Singer and actress Joanne Gleason, daughter of Monty Hall (longtime host of Let’s Make a Deal), was born in Toronto in 1950. Her family moved to New York in 1956 and to Los Angeles in the early 1960s. She graduated from Beverly Hills High School in 1968 and took part in school productions of The Music Man, The Mikado, The Grass Harp, and The Madwoman of Chaillot. In high school she also received acting lessons from soap-opera actor John Ingle. She continued her education at UCLA and Occidental College.
In 1972 she had her professional stage debut in Promises, Promises with the Long Beach and San Francisco Light Opera companies, and in 1974 she played Ophelia opposite Stacy Keach in Hamlet at the Mark Taper Forum in Los Angeles.
It was in Michael Stewart and Cy Coleman’s musical I Love My Wife (1977) – a satire on wife-swapping – that Gleason made her Broadway debut, playing Monica, for which she won a Theatre World Award. She returned to Broadway in a 1985 revival of Peter Nichols’s play Joe Egg. Along with Marlo Thomas and Olympia Dukakis, Gleason was a member of the opening-night cast of Andrew Bergman’s comedy Social Security (1986), for which Gleason won the Drama Desk Award for Outstanding Featured Actress in a Play.

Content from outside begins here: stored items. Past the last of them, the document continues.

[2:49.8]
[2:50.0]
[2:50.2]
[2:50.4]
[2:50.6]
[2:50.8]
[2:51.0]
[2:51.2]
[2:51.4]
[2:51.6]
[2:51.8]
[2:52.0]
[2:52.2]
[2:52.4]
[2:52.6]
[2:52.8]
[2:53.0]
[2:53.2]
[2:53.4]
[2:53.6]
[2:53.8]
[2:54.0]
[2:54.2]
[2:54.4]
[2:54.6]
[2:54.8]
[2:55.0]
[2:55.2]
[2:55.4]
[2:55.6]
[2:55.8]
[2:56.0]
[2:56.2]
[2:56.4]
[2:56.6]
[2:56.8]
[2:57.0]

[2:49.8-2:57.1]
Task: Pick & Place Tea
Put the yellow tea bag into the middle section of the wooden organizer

Although she had already gained attention and honors for her stage work, her performance as the Baker’s Wife in Stephen Sondheim’s wry fairy-tale musical Into the Woods (1987) made her a Broadway leading lady. The musical itself won Tonys® for Best Book of a Musical and Best Original Score, and Gleason earned a Tony® for Best Actress in a Musical. Her singing is preserved on the original Broadway cast recording.
In the Thin Man-inspired musical Nick and Nora (1991) by Arthur Laurents, Charles Strouse, and Richard Maltby Jr., Gleason played the leading lady, and in Dirty Rotten Scoundrels (2005), a musical based on the Steve Martin-Michael Caine comic film, she played Muriel, for which she earned a Tony® nomination for Best Performance by a Featured Actress in a Musical. In 2008 she starred off-Broadway in Willy Holtzman’s one-act play about 1960s radicalism, Something You Did.

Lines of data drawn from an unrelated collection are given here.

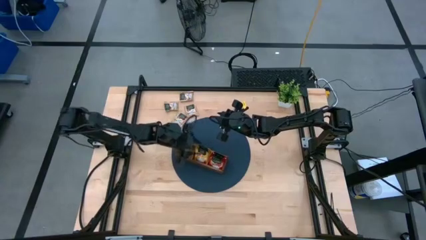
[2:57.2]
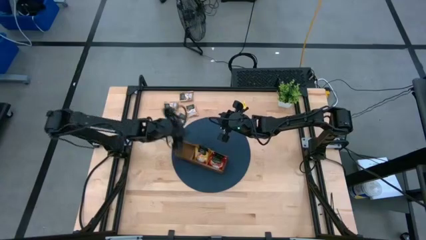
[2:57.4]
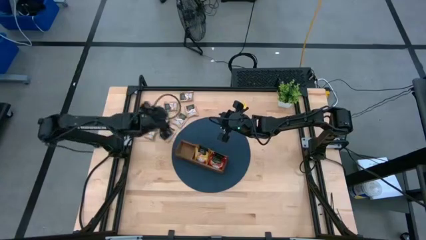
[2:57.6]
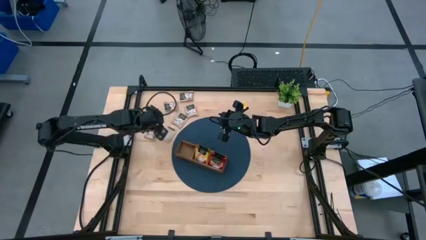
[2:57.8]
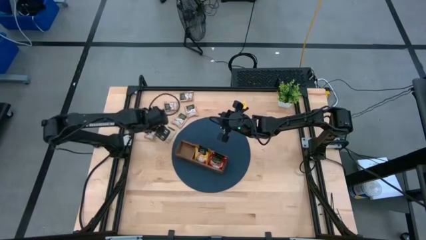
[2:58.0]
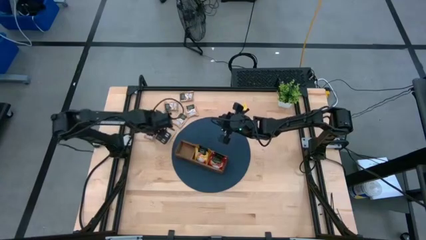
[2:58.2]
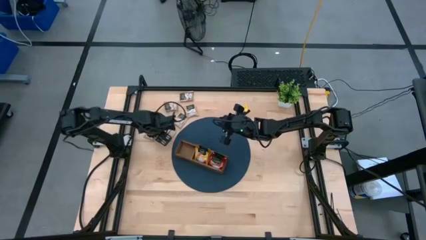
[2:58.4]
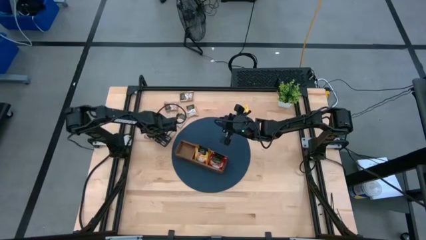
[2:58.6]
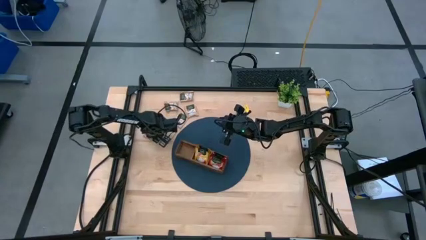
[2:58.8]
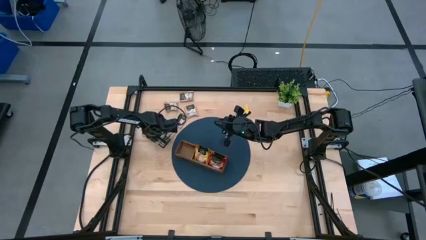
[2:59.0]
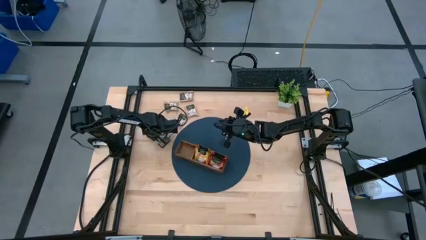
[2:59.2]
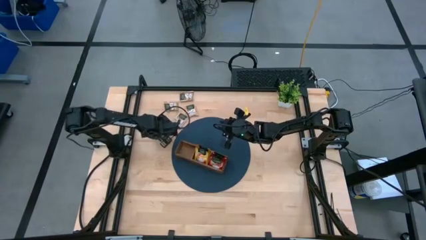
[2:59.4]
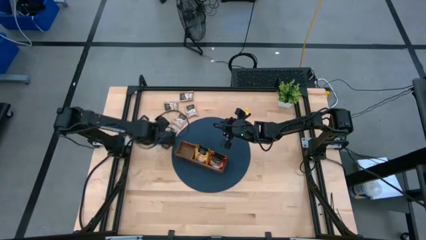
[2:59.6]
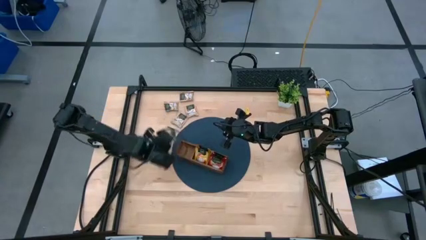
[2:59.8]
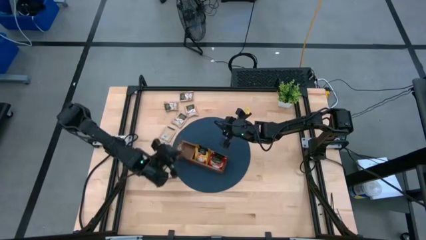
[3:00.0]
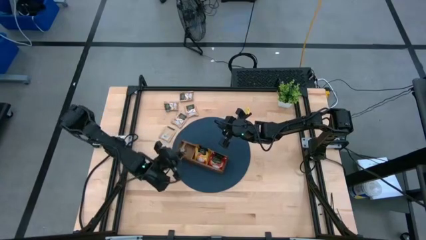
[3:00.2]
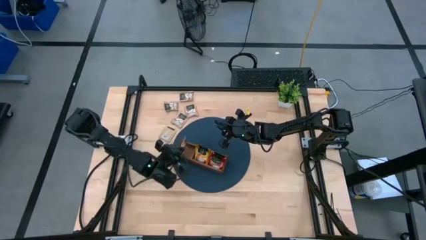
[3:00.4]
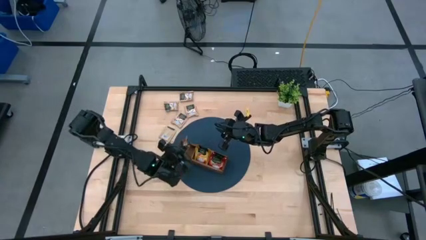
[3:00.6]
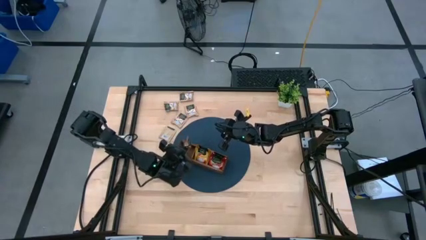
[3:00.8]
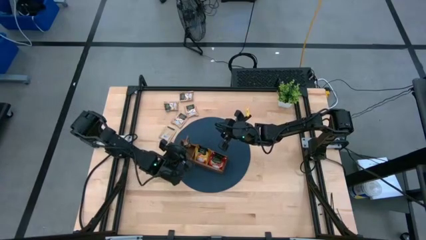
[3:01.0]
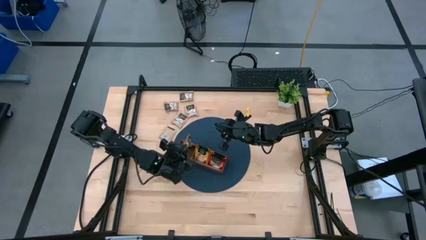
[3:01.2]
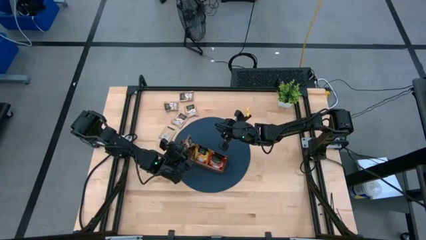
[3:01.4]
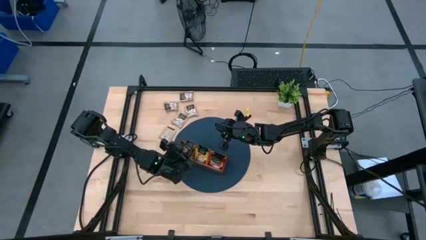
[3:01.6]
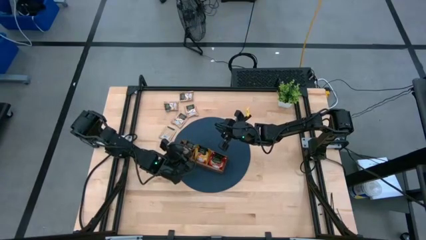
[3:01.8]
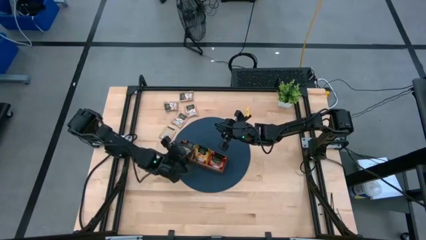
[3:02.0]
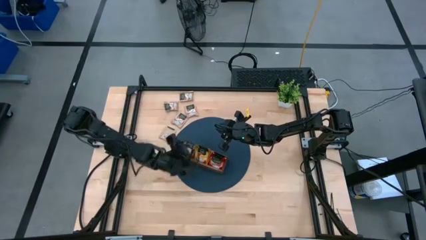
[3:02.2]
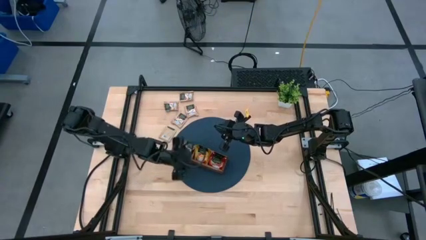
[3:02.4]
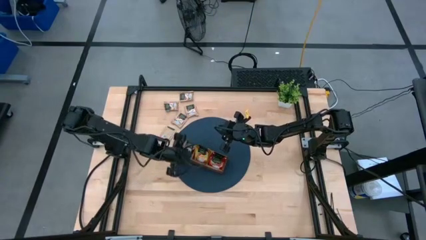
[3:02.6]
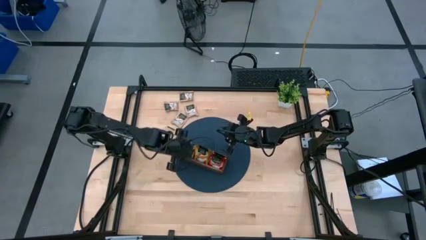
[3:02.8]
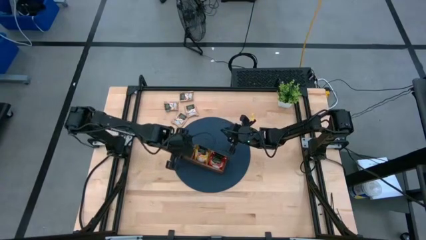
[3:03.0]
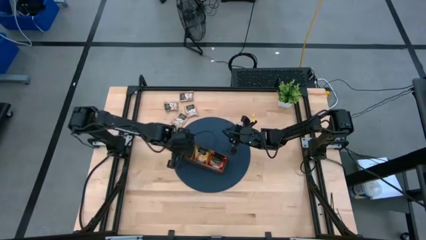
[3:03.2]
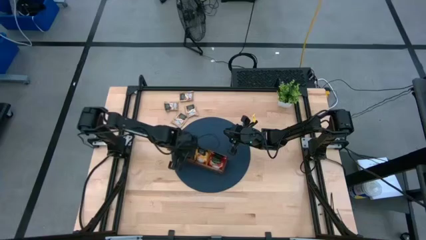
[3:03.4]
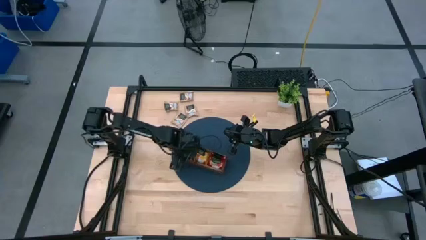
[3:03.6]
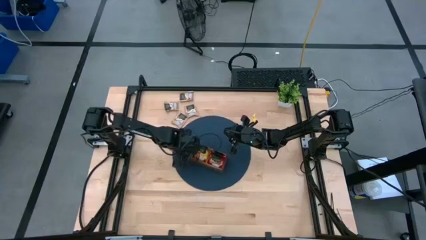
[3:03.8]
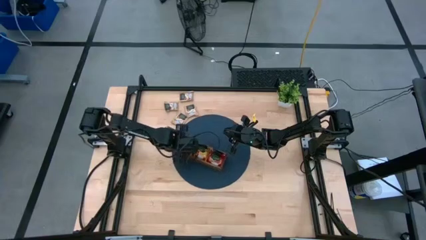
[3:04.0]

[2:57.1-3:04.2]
Put the brown tea bag into the left section of the wooden organizer

A familiar presence in movies and on television, Gleason appeared in two of Woody Allen’s films – as Tony Roberts’s embarrassed wife in Hannah and Her Sisters (1986) and as Allen’s spouse in Crimes and Misdemeanors (1989). In Boogie Nights, she played Mark Wahlberg’s abusive mother. Other movies in which she has appeared include Heartburn, Let the Devil Wear Black, The Wedding Planner, Fathers and Sons, Wild Blue Yonder, Wedding Days, and Sex and the City.
On television, she was a regular on the CBS sitcom Love & War as the restaurant waitress Nadine Berkus. Other series in which Gleason appeared regularly are Hello, Larry; Temporarily Yours; Oh Baby; and Bette. She has also made appearances on The West Wing, The Practice, ER, Friends, Diff’rent Strokes, and Murphy Brown.
She is married to the actor Chris Sarandon.